The md.txt doc mentions for «check» that «a repair may also happen for some raid levels.»
Which RAID levels, and in what cases? If I perform a «check» is there a cache of bad blocks that need to be fixed that can quickly be repaired by executing the «repair» command? Or would it go through the entire array again? I’m working with new drives, and haven’t come across any bad blocks to test this with.
check just reads everything and doesn’t trigger any writes unless a read error is detected, in which case the normal read-error handing kicks in. So it can be useful on a read-only array.
repair does that same but when it finds an inconsistency is corrects it by writing something. If any raid personality had not be taught to specifically understand check, then a check run would effect a repair. I think 2.6.17 will have all personalities doing the right thing.
check doesn’t keep a record of problems, just a count. repair will reprocess the whole array.
2. CAN «CHECK» BE RUN ON A DEGRADED ARRAY (say with N out of N 1 disks on a RAID level 5)? I can test this out, but was it designed to do this, versus «REPAIR» only working on a full set of active drives? Perhaps «repair» is assuming that I have N 1 disks so that parity can be WRITTEN?
No, check on a degraded raid5, or a raid6 with 2 missing devices, or a raid1 with only one device will not do anything. It will terminate immediately. After all, there is nothing useful that it can do.
3. RE: FEEDBACK/LOGGING: it seems that I might see some messages in dmesg logging output such as «raid5:read error corrected!», is that right? I realize that «mismatch_count» can also be used to see if there was any «action» during a «check» or «repair.» I’m assuming this stuff doesn’t make its way into an email.
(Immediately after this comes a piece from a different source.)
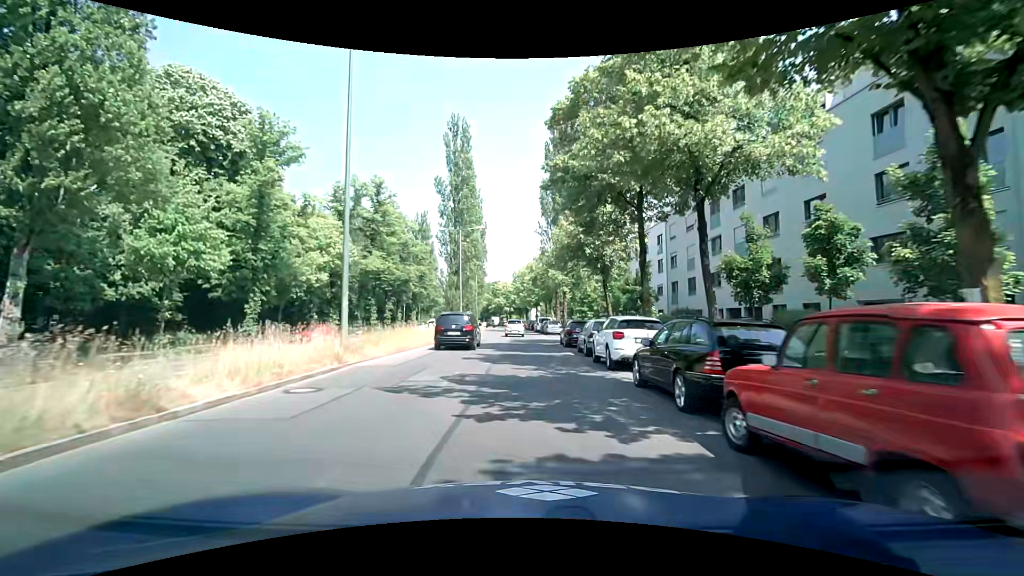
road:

You are correct on all counts. mdadm —monitor doesn’t know about this yet. ((writes notes in mdadm todo list)).
4. DOES «REPAIR» PERFORM READS TO CHECK THE ARRAY, AND THEN WRITE TO THE ARRAY *ONLY WHEN NECESSARY* TO PERFORM FIXES FOR CERTAIN BLOCKS? (I know, it’s sorta a repeat of question number 1 2).
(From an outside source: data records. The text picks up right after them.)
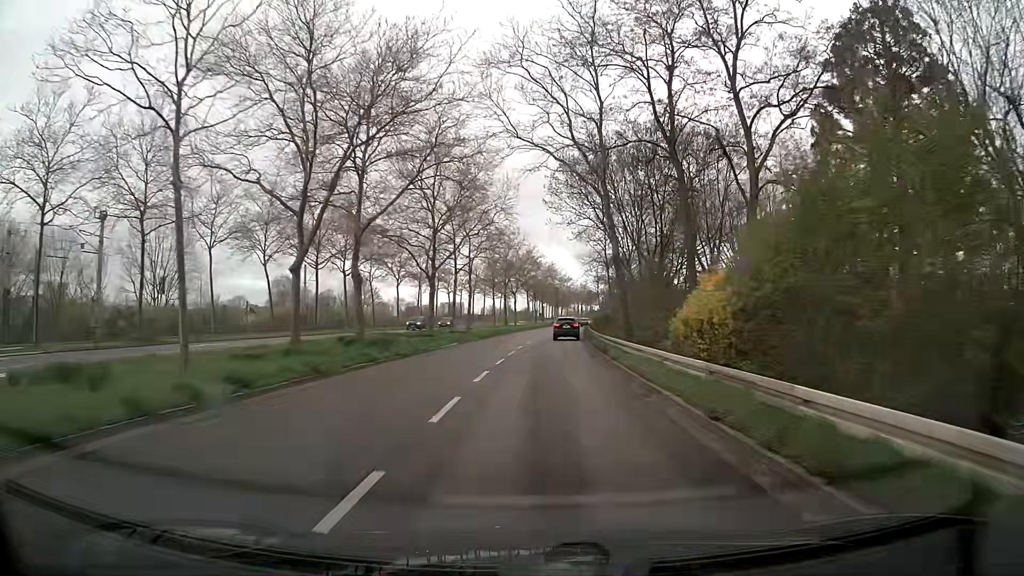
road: secondary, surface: asphalt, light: Day
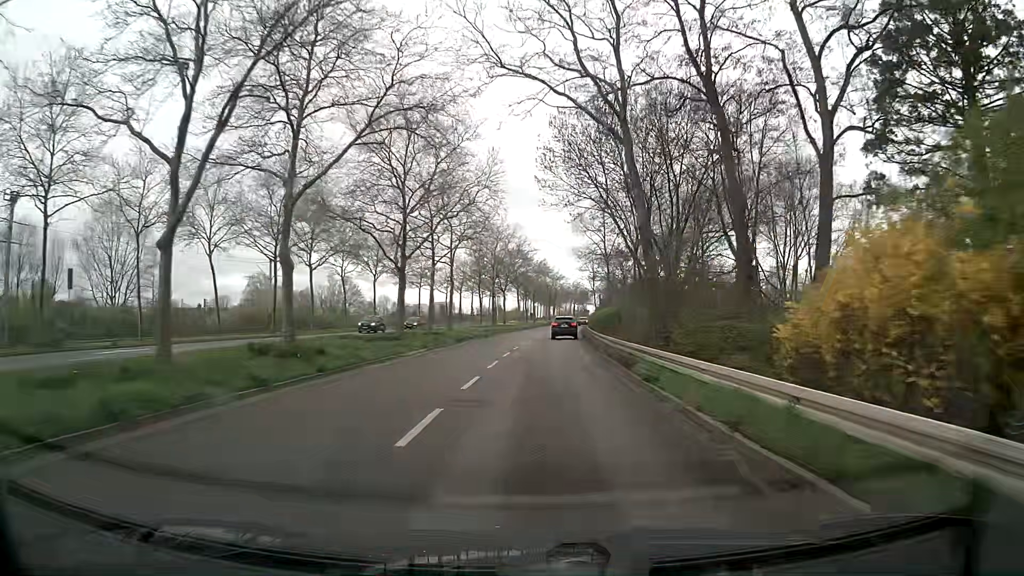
(0.0, +7.8) m; 0°
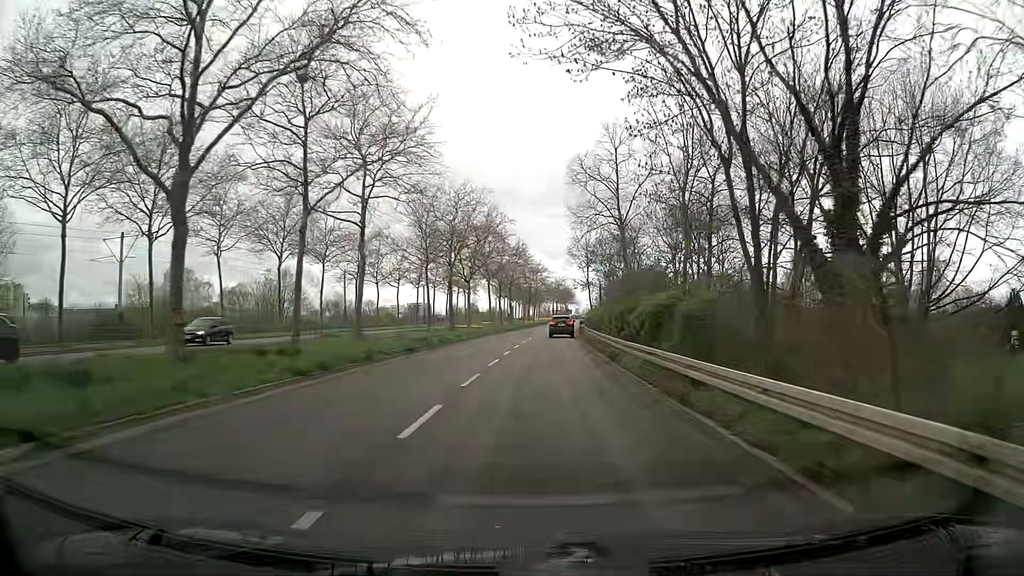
(+0.5, +23.6) m; +2°
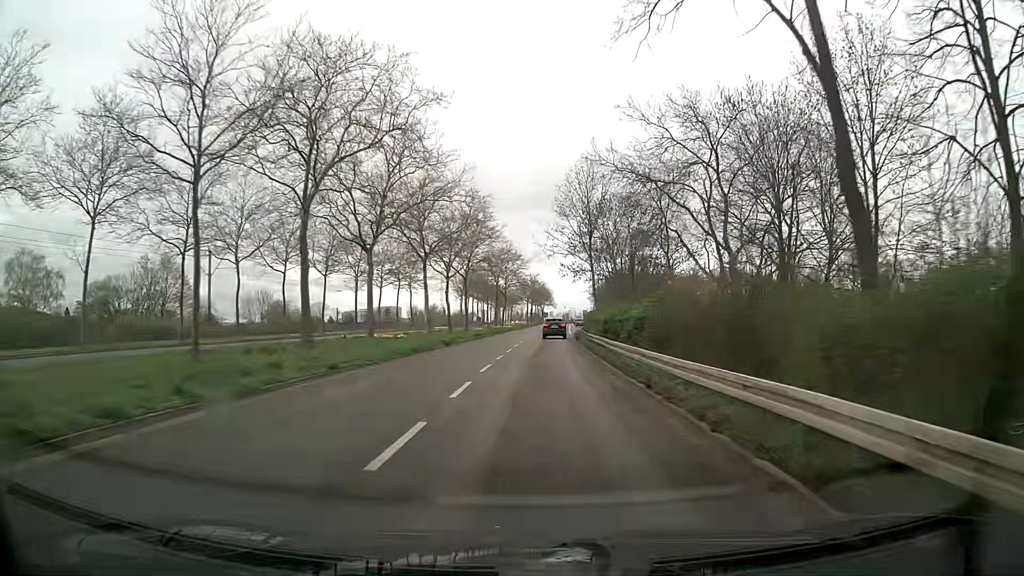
(+0.6, +31.7) m; +2°
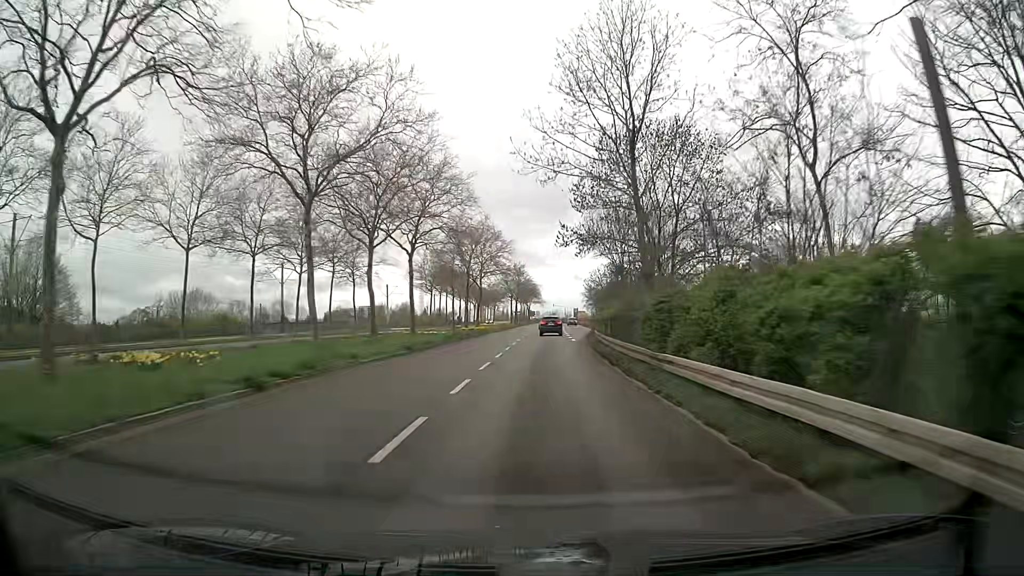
(+0.2, +23.8) m; +1°
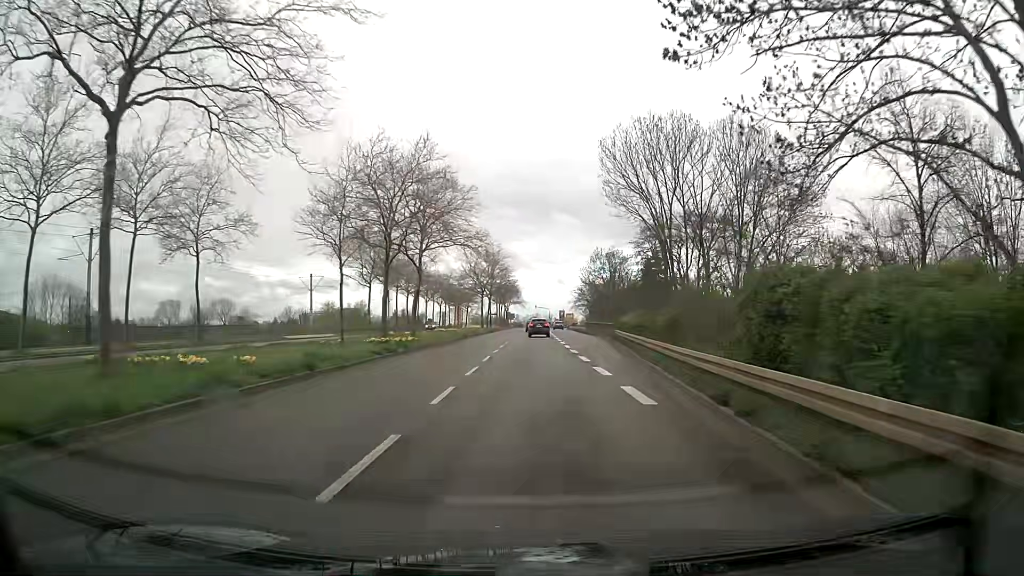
(+0.6, +31.5) m; +2°
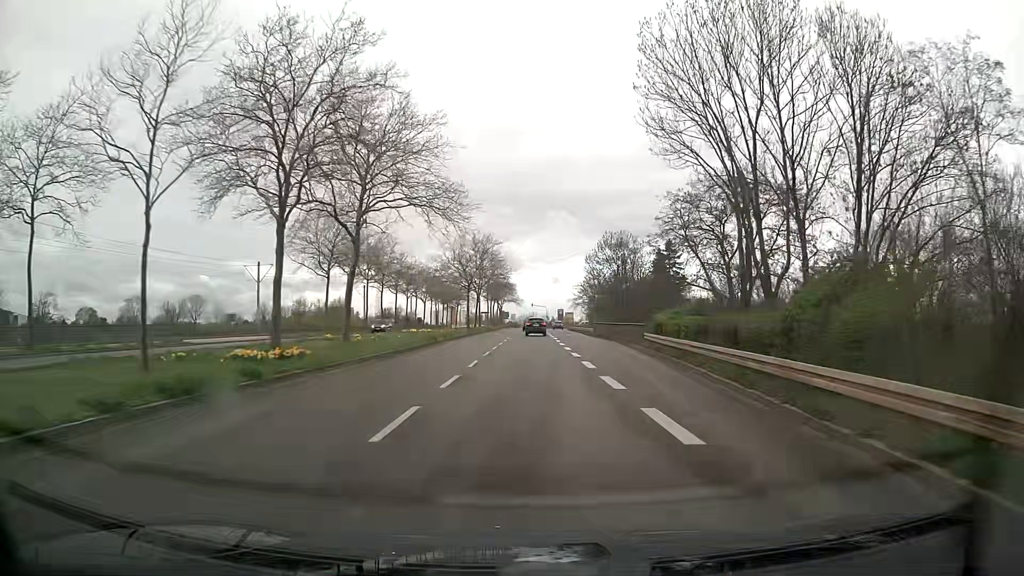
(0.0, +15.7) m; +1°
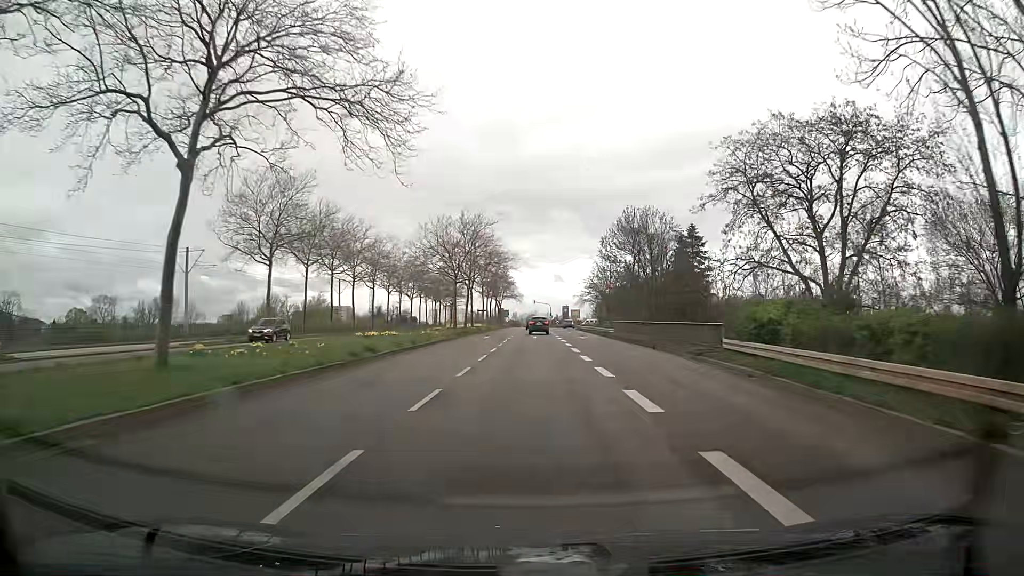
(-0.1, +15.6) m; 0°
(0, +10) (0, +20) (0, +30) (0, +40) (0, +50) (0, +60) (0, +70) (0, +80) (0, +90) (0, +100) m

repair only writes when necessary. In the normal case, it will only read every block.
5. IS THERE ILL-EFFECT TO STOP EITHER «CHECK» OR «REPAIR» BY ISSUING «IDLE»?
6. IS IT AT ALL POSSIBLE TO CHECK A CERTAIN RANGE OF BLOCKS? And to keep track of which blocks were checked? The motivation is to start checking some blocks overnight, and to pick-up where I left off the next night.
Not yet. It might be possible one day.
7. ANY OTHER CONSIDERATIONS WHEN «SCRUBBING» THE RAID?
I/O Schedulers
Starting from version 2.6, Linux kernel has several choices about the I/O scheduler to be used. The anticipatory scheduler seems to be sub-optimal on high (eg [resync]) loads. If your kernel has the CFQ scheduler compiled in, it can be used during a resync.
From the command line you can see which schedulers are supported and change it on the fly (remember to do it for all devices composing the RAID):
# cat /sys/block/hda/queue/scheduler noop [anticipatory] deadline cfq # echo cfq > /sys/block/hda/queue/scheduler
Otherwise you can recompile your kernel and set CFQ as the default I/O scheduler (CONFIG_DEFAULT_CFQ=y in Block layer, IO Schedulers, Default I/O scheduler) or simply passing elevator=cfq on the kernel command line at boot time (see the Documentation/kernel-parameters.txt document corresponding to your kernel version).